Table 13 Genetic similarity percentages of 10 sorghum entries using 8 ISSR primers

Cluster analysis (phylogenetic tree)

Results obtained from the cluster analysis presented in Fig. 2 consisted all sorghum entries to two main clusters. Cluster I included P1 and one subcluster contained P2 and P3 genotypes, while cluster II consisted of two subclusters, where the first one included H3 and one set contained H4 and H5, but subcluster II contains two sub-subclusters or two groups. Sub-subcluster I included H1 and H2, while sub-subcluster II contained P4 and P5.

Fig. 2
figure2

Dendrogram representing the genetic relationship among the ten wheat genotypes using UPGMA cluster analysis of Nei-Li’s similarity coefficient generated from the eight ISSR markers

Discussion

Results in Table 3 were confirmed the largest evidence for drought resistance of the previous sorghum entries under water deficit treatment compared to the control experiment because it has already succeeded in reducing water loss during the process of transpiration while maintaining a reasonable level of photosynthesis to produce sufficient dry material to sustain life during this environmental challenge; in addition, these superior genotypes have recorded high and positive results for all studied traits under water deficit treatment compared with the control experiment. Similar results were in agreement with those reported by El-Mouhamady et al. (2010), El-Mouhamady et al. (2012A), El-Mouhamady et al. (2012B), El-Seidy et al. (2013), El-Mouhamady et al., (2014A), El-Mouhamady et al. (2014B), El-Mouhamady et al. (2014C), Asifa et al. (2015), Esmail et al. (2016), El-Mouhamady et al. (2016), Eldessouky et al. (2016), Ramadan et al. (2016), Khatab et al. (2017), Madhukar et al. (2018), and Behboudi et al. (2018).
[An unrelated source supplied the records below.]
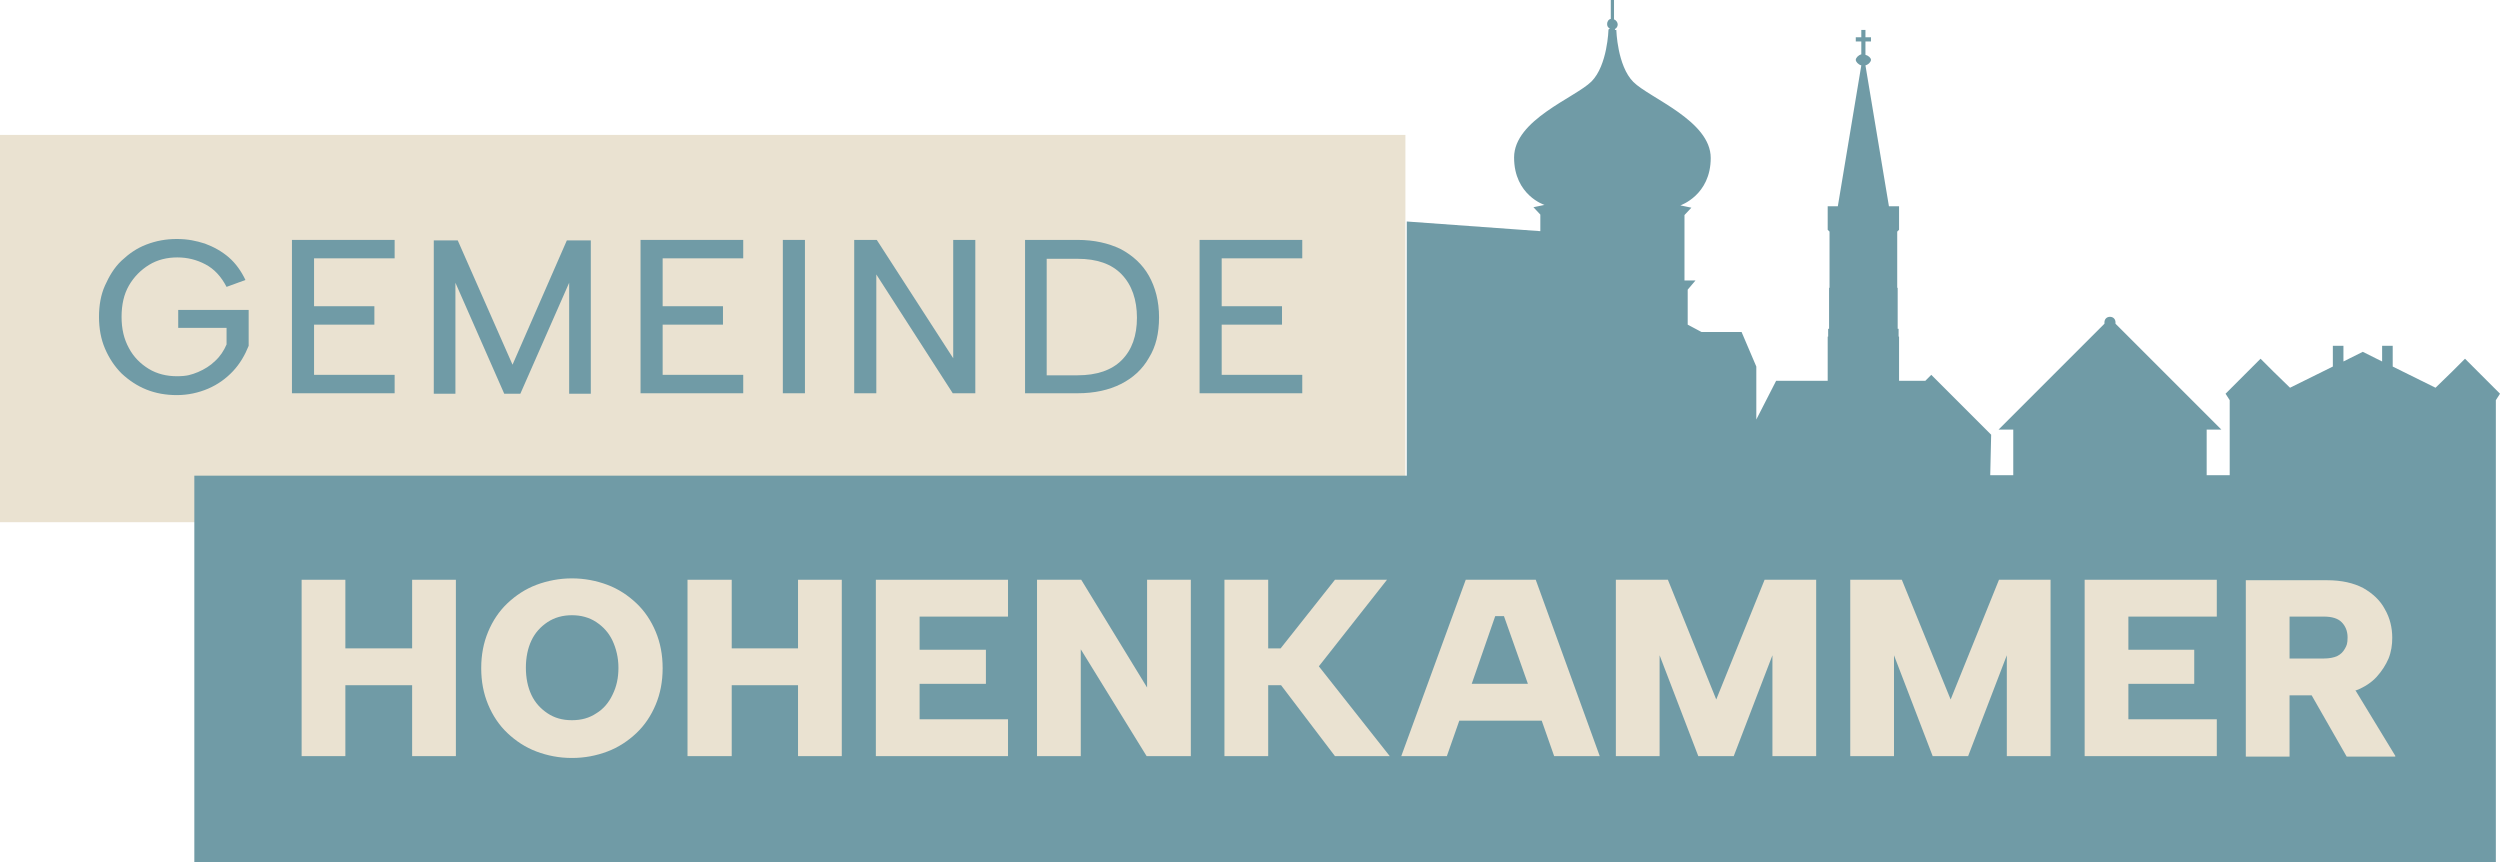 <?xml version="1.0" encoding="UTF-8"?>
<svg id="Ebene_1" xmlns="http://www.w3.org/2000/svg" version="1.1" viewBox="0 0 542.9 187.3">
  <!-- Generator: Adobe Illustrator 29.1.0, SVG Export Plug-In . SVG Version: 2.1.0 Build 142)  -->
  <rect y="29.3" width="305.2" height="84.1" fill="#eae2d1"/>
  <g>
    <path d="M49.2,62.3c-1.2-2.3-2.7-3.9-4.6-4.9-1.9-1-3.9-1.5-6.1-1.5s-4.3.5-6.1,1.6c-1.8,1.1-3.3,2.6-4.4,4.5-1.1,1.9-1.6,4.2-1.6,6.8s.5,4.8,1.6,6.8c1,1.9,2.5,3.4,4.3,4.5,1.8,1.1,3.9,1.6,6.1,1.6s3.1-.3,4.6-.9c1.4-.6,2.7-1.4,3.7-2.4,1.1-1,1.9-2.2,2.5-3.6v-3.6h-10.5v-3.9h15.3v7.8c-.8,2-1.9,3.9-3.4,5.5-1.5,1.6-3.3,2.9-5.4,3.8-2.1.9-4.4,1.4-6.8,1.4s-4.6-.4-6.6-1.2c-2-.8-3.8-2-5.4-3.5-1.5-1.5-2.7-3.3-3.6-5.4-.9-2.1-1.3-4.4-1.3-6.9s.4-4.8,1.3-6.8,2-3.9,3.6-5.4,3.3-2.7,5.4-3.5,4.2-1.2,6.6-1.2,4.2.4,6.1,1c1.9.7,3.7,1.7,5.2,3,1.5,1.3,2.7,3,3.6,4.9l-4.1,1.5Z" fill="#709ba6"/>
    <path d="M85.7,56.1h-17.5v10.4h13.1v4h-13.1v10.9h17.5v4h-22.3v-33.3h22.3v4Z" fill="#709ba6"/>
    <path d="M99,85.5h-4.8v-33.3h5.2l11.9,27,11.8-27h5.2v33.3h-4.7v-24.1l-10.6,24.1h-3.5l-10.6-24.1v24.1Z" fill="#709ba6"/>
    <path d="M161.4,56.1h-17.5v10.4h13.1v4h-13.1v10.9h17.5v4h-22.3v-33.3h22.3v4Z" fill="#709ba6"/>
    <path d="M170,52.1h4.8v33.3h-4.8v-33.3Z" fill="#709ba6"/>
    <path d="M211.8,52.1v33.3h-4.9l-16.6-25.8v25.8h-4.8v-33.3h4.9l16.6,25.7v-25.7h4.8Z" fill="#709ba6"/>
    <path d="M234,52.1c3.6,0,6.7.7,9.4,2,2.6,1.4,4.7,3.3,6.1,5.8,1.4,2.5,2.2,5.5,2.2,9s-.7,6.4-2.2,8.8c-1.4,2.5-3.5,4.4-6.1,5.7-2.6,1.3-5.7,2-9.4,2h-11.4v-33.3h11.4ZM234,81.5c4.2,0,7.4-1.1,9.6-3.3,2.2-2.2,3.3-5.3,3.3-9.2s-1.1-7.1-3.3-9.4c-2.2-2.3-5.4-3.4-9.6-3.4h-6.7v25.3h6.7Z" fill="#709ba6"/>
    <path d="M282.8,56.1h-17.5v10.4h13.1v4h-13.1v10.9h17.5v4h-22.3v-33.3h22.3v4Z" fill="#709ba6"/>
  </g>
  <path d="M542,86.9l.9-1.4h0s0,0,0,0l-7.6-7.6-2.7,2.7-3.7,3.6-9.3-4.6v-4.5h-2.3v3.4s-4.2-2.1-4.2-2.1h0s0,0,0,0l-4.2,2.1v-3.4h-2.3v4.5l-9.3,4.6-3.7-3.6-2.7-2.7-7.6,7.6h0,0s.9,1.4.9,1.4v16.3h-5v-9.9h3.2l-23-23v-.3c0-.7-.5-1.2-1.2-1.2s-1.2.5-1.2,1.2v.3l-23,23h3.2v9.9h-5l.2-8.8-13-13-1.3,1.3h-5.7v-9.6h-.1v-1.7h-.2v-8.9h-.1v-12.2l.4-.4v-5.1h-2.2l-5.1-30.6c.7-.2,1.2-.8,1.2-1.2s-.5-.9-1.2-1.1v-2.9h1.2v-.9h-1.2v-1.6h-.9v1.6h-1.2v.9h1.2v2.8c-.7.2-1.2.8-1.2,1.2s.5,1,1.2,1.2l-5.1,30.6h-2.2v5.1l.4.4v12.2h-.1v8.9h-.2v1.7h-.1v9.6h-11.2l-4.3,8.4v-11.5l-3.2-7.5h-8.7l-3-1.6v-7.6l1.7-2h-2.4v-14.2l1.5-1.6-2.4-.5s6.6-2.2,6.6-10.3-13.3-13-16.8-16.5-3.7-11.3-3.7-11.3h-.3c0,0,0-.2,0-.2.4-.2.6-.6.6-1s-.3-.9-.8-1.1V0h-.7v4.1c-.5.1-.8.6-.8,1.1s.2.8.6,1h0c0,0-.3.2-.3.2,0,0-.2,7.8-3.7,11.3-3.5,3.5-16.8,8.3-16.8,16.5s6.6,10.3,6.6,10.3l-2.4.5,1.5,1.6v3.6l-29-2.1v55.2H42.2v84.1h499.8v-84.1h0v-16.3Z" fill="#709ba6"/>
  <g>
    <polygon points="89.5 140.8 75 140.8 75 125.9 65.5 125.9 65.5 164.2 75 164.2 75 148.8 89.5 148.8 89.5 164.2 99 164.2 99 125.9 89.5 125.9 89.5 140.8" fill="#eae2d1"/>
    <path d="M138.2,131c-1.8-1.7-3.9-3.1-6.3-4-2.4-.9-5-1.4-7.7-1.4s-5.3.5-7.7,1.4c-2.4.9-4.5,2.3-6.3,4-1.8,1.7-3.2,3.8-4.2,6.2-1,2.4-1.5,5-1.5,7.9s.5,5.5,1.5,7.9c1,2.4,2.4,4.5,4.2,6.2,1.8,1.7,3.9,3.1,6.3,4,2.4.9,4.9,1.4,7.7,1.4s5.3-.5,7.7-1.4c2.4-.9,4.5-2.3,6.3-4,1.8-1.7,3.2-3.8,4.2-6.2,1-2.4,1.5-5,1.5-7.9s-.5-5.5-1.5-7.9c-1-2.4-2.4-4.5-4.2-6.2ZM133,150.9c-.8,1.7-2,3.1-3.5,4-1.5,1-3.2,1.5-5.3,1.5s-3.8-.5-5.3-1.5c-1.5-1-2.7-2.3-3.5-4-.8-1.7-1.2-3.7-1.2-5.9s.4-4.2,1.2-5.9c.8-1.7,2-3,3.5-4,1.5-1,3.3-1.5,5.3-1.5s3.8.5,5.3,1.5c1.5,1,2.7,2.3,3.5,4,.8,1.7,1.3,3.7,1.3,5.9s-.4,4.1-1.3,5.9Z" fill="#eae2d1"/>
    <polygon points="173.3 140.8 158.9 140.8 158.9 125.9 149.3 125.9 149.3 164.2 158.9 164.2 158.9 148.8 173.3 148.8 173.3 164.2 182.8 164.2 182.8 125.9 173.3 125.9 173.3 140.8" fill="#eae2d1"/>
    <polygon points="190.2 164.2 218.9 164.2 218.9 156.2 199.7 156.2 199.7 148.5 214.1 148.5 214.1 141.1 199.7 141.1 199.7 133.9 218.9 133.9 218.9 125.9 190.2 125.9 190.2 164.2" fill="#eae2d1"/>
    <polygon points="249.1 149.3 234.8 125.9 225.2 125.9 225.2 164.2 234.7 164.2 234.7 141 249 164.2 258.6 164.2 258.6 125.9 249.1 125.9 249.1 149.3" fill="#eae2d1"/>
    <polygon points="301.2 125.9 289.9 125.9 278.1 140.8 275.4 140.8 275.4 125.9 265.9 125.9 265.9 164.2 275.4 164.2 275.4 148.8 278.2 148.8 289.9 164.2 301.8 164.2 286.4 144.7 301.2 125.9" fill="#eae2d1"/>
    <path d="M318.3,125.9l-14,38.3h9.9l2.7-7.7h17.9l2.7,7.7h9.9l-13.9-38.3h-15.1ZM319.6,148.5l5.1-14.7h1.9l5.2,14.7h-12.3Z" fill="#eae2d1"/>
    <polygon points="372.7 151.9 362.2 125.9 350.9 125.9 350.9 164.2 360.4 164.2 360.4 142.3 368.8 164.2 376.5 164.2 384.9 142.3 384.9 164.2 394.4 164.2 394.4 125.9 383.2 125.9 372.7 151.9" fill="#eae2d1"/>
    <polygon points="423.6 151.9 413 125.9 401.8 125.9 401.8 164.2 411.3 164.2 411.3 142.3 419.7 164.2 427.4 164.2 435.8 142.3 435.8 164.2 445.3 164.2 445.3 125.9 434.1 125.9 423.6 151.9" fill="#eae2d1"/>
    <polygon points="452.7 164.2 481.4 164.2 481.4 156.2 462.2 156.2 462.2 148.5 476.5 148.5 476.5 141.1 462.2 141.1 462.2 133.9 481.4 133.9 481.4 125.9 452.7 125.9 452.7 164.2" fill="#eae2d1"/>
    <path d="M520.2,164.2l-8.7-14.3c0,0,.1,0,.2,0,1.8-.7,3.3-1.7,4.4-2.9,1.1-1.2,2-2.6,2.6-4,.6-1.5.8-3,.8-4.5,0-2.2-.5-4.3-1.6-6.2-1-1.9-2.6-3.4-4.7-4.6-2.1-1.1-4.7-1.7-7.9-1.7h-17.6v38.3h9.5v-13.3h4.8l7.6,13.3h10.5ZM497.2,133.9h7.5c1.7,0,3,.4,3.8,1.2.8.8,1.3,1.9,1.3,3.3s-.2,1.8-.6,2.5-.9,1.2-1.7,1.6c-.7.3-1.7.5-2.8.5h-7.5v-9Z" fill="#eae2d1"/>
  </g>
</svg>

Plant breeders are concerned first and foremost with the improvement of quantitative traits which have a high economic cost such as high yield, resistance to various diseases, tolerance for high level of salinity, and resistance to water stress. This was the most important factor under study in determining production and productivity in this regard. We cannot dispense the expression of additive gene action, which was added by traditional breeding through isolation segregation generations by simple selection to trace these beneficial traits, particularly water deficit resistance. It is also the most important aspect of plant breeding to obtain the positive trends of the quantitative traits mentioned above. Half diallel analysis of parents and their hybrids under the two levels of irrigation (normal and water stress conditions) was intended to ensure that all genotypes using in this investigation were significantly or highly significantly different from each other and this was the main input of this genetic analysis, which has already been confirmed in Table 4 (Asifa et al. 2015, Esmail et al. 2016, El-Mouhamady et al. 2016, Ramadan et al. 2016, and Khatab et al. 2017).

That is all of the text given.